Qualifying for disability benefits with this condition
Whether or not you qualify for disability and, as a result, are approved for disability benefits will depend entirely on the information obtained from your medical records.
This includes whatever statements and treatment notes that may have been obtained from your treating physician (a doctor who has a history of treating your condition and is, therefore, qualified to comment as to your condition and prognosis). It also includes discharge summaries from hospital stays, reports of imaging studies (such as xrays, MRIs, and CT scans) and lab panels (i.e. bloodwork) as well as reports from physical therapy.
In many disability claims, it may also include the results of a report issued by an independent physician who examines you at the request of the Social Security Administration.
Qualifying for SSD or SSI benefits will also depend on the information obtained from your vocational, or work, history if you are an adult, or academic records if you are a minor-age child. In the case of adults, your work history information will allow a disability examiner (examiners make decisions at the initial claim and reconsideration appeal levels, but not at the hearing level where a judges decides the outcome of the case) to A) classify your past work, B) determine the physical and mental demands of your past work, C) decide if you can go back to a past job, and D) whether or not you have the ability to switch to some type of other work.
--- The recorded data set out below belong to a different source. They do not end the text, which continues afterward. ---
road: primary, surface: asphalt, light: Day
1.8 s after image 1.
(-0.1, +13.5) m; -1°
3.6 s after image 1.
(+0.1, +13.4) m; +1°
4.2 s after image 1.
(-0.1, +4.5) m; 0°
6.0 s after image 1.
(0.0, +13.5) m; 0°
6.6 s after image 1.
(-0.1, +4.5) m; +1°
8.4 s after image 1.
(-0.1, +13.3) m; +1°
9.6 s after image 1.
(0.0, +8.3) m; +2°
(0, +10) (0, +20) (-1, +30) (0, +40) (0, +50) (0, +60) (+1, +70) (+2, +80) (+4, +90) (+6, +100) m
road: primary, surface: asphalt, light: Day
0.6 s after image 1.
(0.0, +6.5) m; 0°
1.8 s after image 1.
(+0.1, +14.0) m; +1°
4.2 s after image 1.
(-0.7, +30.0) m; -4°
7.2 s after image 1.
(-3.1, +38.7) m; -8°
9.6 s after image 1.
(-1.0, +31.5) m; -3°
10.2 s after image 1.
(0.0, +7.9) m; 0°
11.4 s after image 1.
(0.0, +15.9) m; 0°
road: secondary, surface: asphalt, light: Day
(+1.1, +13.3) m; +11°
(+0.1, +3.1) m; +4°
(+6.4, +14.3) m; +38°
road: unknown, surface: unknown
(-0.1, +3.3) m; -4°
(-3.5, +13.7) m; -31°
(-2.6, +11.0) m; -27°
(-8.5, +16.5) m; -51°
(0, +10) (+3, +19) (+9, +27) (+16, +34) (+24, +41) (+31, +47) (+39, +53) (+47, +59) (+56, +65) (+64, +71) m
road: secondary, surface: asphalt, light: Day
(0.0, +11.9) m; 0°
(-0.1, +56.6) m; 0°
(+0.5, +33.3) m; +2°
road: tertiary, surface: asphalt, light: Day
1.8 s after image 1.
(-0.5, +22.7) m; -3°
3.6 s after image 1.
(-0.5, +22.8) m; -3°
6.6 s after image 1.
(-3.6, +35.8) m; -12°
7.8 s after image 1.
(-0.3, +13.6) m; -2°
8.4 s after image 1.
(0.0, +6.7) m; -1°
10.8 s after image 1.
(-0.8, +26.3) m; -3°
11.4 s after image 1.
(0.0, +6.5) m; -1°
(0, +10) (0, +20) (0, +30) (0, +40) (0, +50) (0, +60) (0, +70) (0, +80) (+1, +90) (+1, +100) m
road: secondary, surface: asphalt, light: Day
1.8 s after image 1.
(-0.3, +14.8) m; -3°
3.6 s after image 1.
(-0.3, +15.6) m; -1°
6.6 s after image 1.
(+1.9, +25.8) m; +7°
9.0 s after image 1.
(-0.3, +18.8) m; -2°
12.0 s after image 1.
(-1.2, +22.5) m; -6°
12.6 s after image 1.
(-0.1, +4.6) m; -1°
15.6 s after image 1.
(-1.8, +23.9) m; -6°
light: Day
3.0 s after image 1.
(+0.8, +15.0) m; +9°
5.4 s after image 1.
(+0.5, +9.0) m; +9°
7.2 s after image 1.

The important thing to keep in mind is that the social security administration does not award benefits based on simply having a condition, but, instead, will base an approval or denial on the extent to which a condition causes functional limitations. Functional limitations can be great enough to make work activity not possible (or, for a child, make it impossible to engage in age-appropriate activities).
Why are so many disability cases lost at the disability application and reconsideration appeal levels?
There are several reasons but here are just two:
1) Social Security makes no attempt to obtain a statement from a claimant's treating physician. By contrast, at the hearing level, a claimant's disability attorney or disability representative will generally obtain and present this type of statement to a judge.
Note: it is not enough for a doctor to simply state that their patient is disabled. To satisy Social Security's requirements, the physician must list in what ways and to what extent the individual is functionally limited. For this reason, many representatives and attorneys request that the physician fill out and sign a specialized medical source statement that captures the correct information. Solid Supporting statements from physicians easily make the difference between winning or losing a disability case at the hearing level.
2) Prior to the hearing level, a claimant will not have the opportunity to explain how their condition limits them, nor will their attorney or representative have the opportunity to make a presentation based on the evidence of the case. This is because at the initial levels of the disability system, a disability examiner decides the case without meeting the claimant. The examiner may contact the claimant to gather information on activities of daily living and with regard to medical treatment or past jobs, but usually nothing more. At the hearing level, however, presenting an argument for approval based on medical evidence that has been obtained and submitted is exactly what happens.